**PROBLEM REQUIREMENTS:**
Pick out the lines below with "visible" and list them.

[Source records]
================

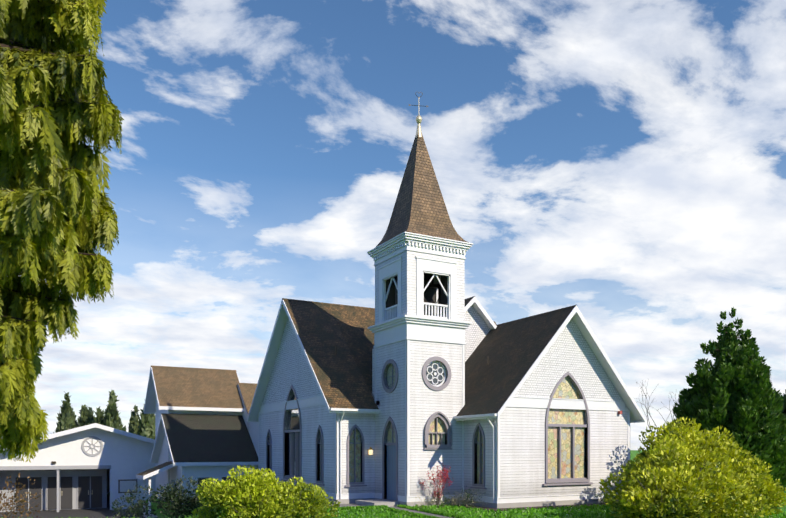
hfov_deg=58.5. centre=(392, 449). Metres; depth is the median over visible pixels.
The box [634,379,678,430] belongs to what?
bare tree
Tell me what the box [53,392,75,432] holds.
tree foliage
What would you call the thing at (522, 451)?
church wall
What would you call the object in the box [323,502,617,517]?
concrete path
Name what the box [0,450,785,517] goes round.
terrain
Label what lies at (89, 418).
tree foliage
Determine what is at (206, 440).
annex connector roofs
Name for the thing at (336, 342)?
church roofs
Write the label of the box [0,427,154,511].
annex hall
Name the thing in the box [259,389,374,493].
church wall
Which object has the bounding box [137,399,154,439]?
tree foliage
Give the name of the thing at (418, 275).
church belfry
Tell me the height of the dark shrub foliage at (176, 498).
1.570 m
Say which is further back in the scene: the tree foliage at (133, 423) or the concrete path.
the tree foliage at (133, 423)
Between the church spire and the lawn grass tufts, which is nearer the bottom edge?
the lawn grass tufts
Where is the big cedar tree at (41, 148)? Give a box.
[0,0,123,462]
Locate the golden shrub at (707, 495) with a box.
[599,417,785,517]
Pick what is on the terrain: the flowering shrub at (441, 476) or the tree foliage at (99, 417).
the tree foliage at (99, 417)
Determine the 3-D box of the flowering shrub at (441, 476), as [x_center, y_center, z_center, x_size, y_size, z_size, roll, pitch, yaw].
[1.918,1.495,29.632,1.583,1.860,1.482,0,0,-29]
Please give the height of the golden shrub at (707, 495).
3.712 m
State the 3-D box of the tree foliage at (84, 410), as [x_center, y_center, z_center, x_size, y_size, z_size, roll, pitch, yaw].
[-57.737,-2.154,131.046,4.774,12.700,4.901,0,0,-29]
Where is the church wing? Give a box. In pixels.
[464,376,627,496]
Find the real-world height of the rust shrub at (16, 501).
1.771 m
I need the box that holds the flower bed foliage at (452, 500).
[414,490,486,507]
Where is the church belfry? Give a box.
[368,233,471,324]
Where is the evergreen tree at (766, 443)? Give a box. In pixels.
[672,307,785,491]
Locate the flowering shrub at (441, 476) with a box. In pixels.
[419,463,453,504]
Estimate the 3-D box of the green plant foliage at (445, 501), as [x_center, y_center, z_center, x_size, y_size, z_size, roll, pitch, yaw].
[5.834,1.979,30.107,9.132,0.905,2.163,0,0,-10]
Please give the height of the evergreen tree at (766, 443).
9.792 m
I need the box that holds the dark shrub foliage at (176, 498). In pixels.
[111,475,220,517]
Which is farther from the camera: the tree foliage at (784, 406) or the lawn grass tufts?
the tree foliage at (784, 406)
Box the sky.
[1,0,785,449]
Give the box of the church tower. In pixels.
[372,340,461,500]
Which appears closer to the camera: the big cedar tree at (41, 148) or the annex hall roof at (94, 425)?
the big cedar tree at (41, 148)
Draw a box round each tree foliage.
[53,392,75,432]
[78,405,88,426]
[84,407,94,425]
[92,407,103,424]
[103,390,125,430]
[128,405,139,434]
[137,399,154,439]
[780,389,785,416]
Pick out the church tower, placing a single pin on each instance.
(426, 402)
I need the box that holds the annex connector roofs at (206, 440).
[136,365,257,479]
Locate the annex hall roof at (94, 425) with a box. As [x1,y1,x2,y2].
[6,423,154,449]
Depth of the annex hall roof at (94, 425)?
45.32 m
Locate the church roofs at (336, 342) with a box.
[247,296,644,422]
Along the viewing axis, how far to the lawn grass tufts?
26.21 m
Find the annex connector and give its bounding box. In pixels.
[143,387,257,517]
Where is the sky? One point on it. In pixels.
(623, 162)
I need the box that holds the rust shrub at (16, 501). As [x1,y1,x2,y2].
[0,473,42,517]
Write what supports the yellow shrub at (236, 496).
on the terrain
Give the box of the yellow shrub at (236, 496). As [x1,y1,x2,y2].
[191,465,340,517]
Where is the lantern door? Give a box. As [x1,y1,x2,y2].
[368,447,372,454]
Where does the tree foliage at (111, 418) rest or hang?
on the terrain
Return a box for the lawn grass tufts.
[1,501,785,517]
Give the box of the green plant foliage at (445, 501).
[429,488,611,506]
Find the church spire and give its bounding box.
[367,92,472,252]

================

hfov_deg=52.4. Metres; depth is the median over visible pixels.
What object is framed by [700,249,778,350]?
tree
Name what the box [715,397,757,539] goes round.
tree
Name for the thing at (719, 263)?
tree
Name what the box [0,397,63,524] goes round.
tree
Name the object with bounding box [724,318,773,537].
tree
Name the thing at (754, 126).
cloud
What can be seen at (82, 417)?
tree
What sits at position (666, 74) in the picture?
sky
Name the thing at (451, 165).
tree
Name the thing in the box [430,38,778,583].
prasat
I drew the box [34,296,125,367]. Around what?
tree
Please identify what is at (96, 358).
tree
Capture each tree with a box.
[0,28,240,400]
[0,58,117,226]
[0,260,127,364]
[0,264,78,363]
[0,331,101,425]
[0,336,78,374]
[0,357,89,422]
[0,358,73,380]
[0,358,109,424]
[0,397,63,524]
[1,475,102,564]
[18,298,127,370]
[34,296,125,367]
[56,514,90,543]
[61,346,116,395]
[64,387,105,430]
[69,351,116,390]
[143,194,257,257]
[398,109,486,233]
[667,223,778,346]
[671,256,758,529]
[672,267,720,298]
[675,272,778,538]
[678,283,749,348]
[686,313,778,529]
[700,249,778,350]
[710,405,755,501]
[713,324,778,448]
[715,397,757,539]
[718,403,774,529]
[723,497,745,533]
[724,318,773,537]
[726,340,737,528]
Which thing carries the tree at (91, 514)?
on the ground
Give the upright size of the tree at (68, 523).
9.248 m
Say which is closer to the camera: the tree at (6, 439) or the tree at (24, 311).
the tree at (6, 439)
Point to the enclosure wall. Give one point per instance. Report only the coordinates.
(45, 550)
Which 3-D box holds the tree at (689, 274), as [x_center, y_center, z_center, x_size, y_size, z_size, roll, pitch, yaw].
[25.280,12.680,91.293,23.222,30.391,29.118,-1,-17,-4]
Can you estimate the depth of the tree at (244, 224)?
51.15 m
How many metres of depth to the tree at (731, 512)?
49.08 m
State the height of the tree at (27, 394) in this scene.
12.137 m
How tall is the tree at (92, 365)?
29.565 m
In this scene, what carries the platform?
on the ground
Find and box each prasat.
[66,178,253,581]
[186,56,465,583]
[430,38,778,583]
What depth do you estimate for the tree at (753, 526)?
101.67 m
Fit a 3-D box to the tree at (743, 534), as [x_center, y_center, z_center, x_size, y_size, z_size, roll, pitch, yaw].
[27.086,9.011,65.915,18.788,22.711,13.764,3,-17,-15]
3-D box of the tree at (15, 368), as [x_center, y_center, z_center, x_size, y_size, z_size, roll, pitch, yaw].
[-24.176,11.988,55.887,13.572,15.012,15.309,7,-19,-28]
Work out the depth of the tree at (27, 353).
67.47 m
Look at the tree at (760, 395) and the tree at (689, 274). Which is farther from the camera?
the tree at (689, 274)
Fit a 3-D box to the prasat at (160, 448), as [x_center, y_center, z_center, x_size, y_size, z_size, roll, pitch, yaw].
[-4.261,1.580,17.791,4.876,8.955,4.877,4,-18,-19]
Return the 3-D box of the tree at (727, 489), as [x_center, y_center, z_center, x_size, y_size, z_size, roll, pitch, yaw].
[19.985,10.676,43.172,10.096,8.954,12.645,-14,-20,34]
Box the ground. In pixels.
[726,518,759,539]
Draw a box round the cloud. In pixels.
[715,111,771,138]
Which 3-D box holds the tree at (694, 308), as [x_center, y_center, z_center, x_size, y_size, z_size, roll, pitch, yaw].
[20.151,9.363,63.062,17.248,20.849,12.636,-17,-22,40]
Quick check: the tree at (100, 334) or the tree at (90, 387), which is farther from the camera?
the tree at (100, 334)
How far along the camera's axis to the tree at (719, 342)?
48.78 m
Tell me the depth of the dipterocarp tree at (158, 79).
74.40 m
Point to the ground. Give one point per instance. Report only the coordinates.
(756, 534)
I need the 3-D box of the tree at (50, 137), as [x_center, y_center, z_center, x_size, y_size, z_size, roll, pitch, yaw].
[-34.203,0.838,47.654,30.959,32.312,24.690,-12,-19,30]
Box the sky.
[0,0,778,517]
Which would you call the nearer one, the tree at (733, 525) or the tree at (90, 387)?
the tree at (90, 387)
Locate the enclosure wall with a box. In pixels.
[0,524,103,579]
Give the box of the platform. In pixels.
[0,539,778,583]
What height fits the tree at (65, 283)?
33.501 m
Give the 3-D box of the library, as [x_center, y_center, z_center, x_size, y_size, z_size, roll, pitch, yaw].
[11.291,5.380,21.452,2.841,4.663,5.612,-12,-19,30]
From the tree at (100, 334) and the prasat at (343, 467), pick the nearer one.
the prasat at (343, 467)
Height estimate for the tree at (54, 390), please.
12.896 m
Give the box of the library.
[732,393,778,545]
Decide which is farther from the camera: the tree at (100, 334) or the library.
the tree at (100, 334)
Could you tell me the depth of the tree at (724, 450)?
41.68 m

================

**TASK RESPONSE:**
hfov_deg=58.5. centre=(392, 449). Metres; depth is the median over visible pixels.
hfov_deg=52.4. Metres; depth is the median over visible pixels.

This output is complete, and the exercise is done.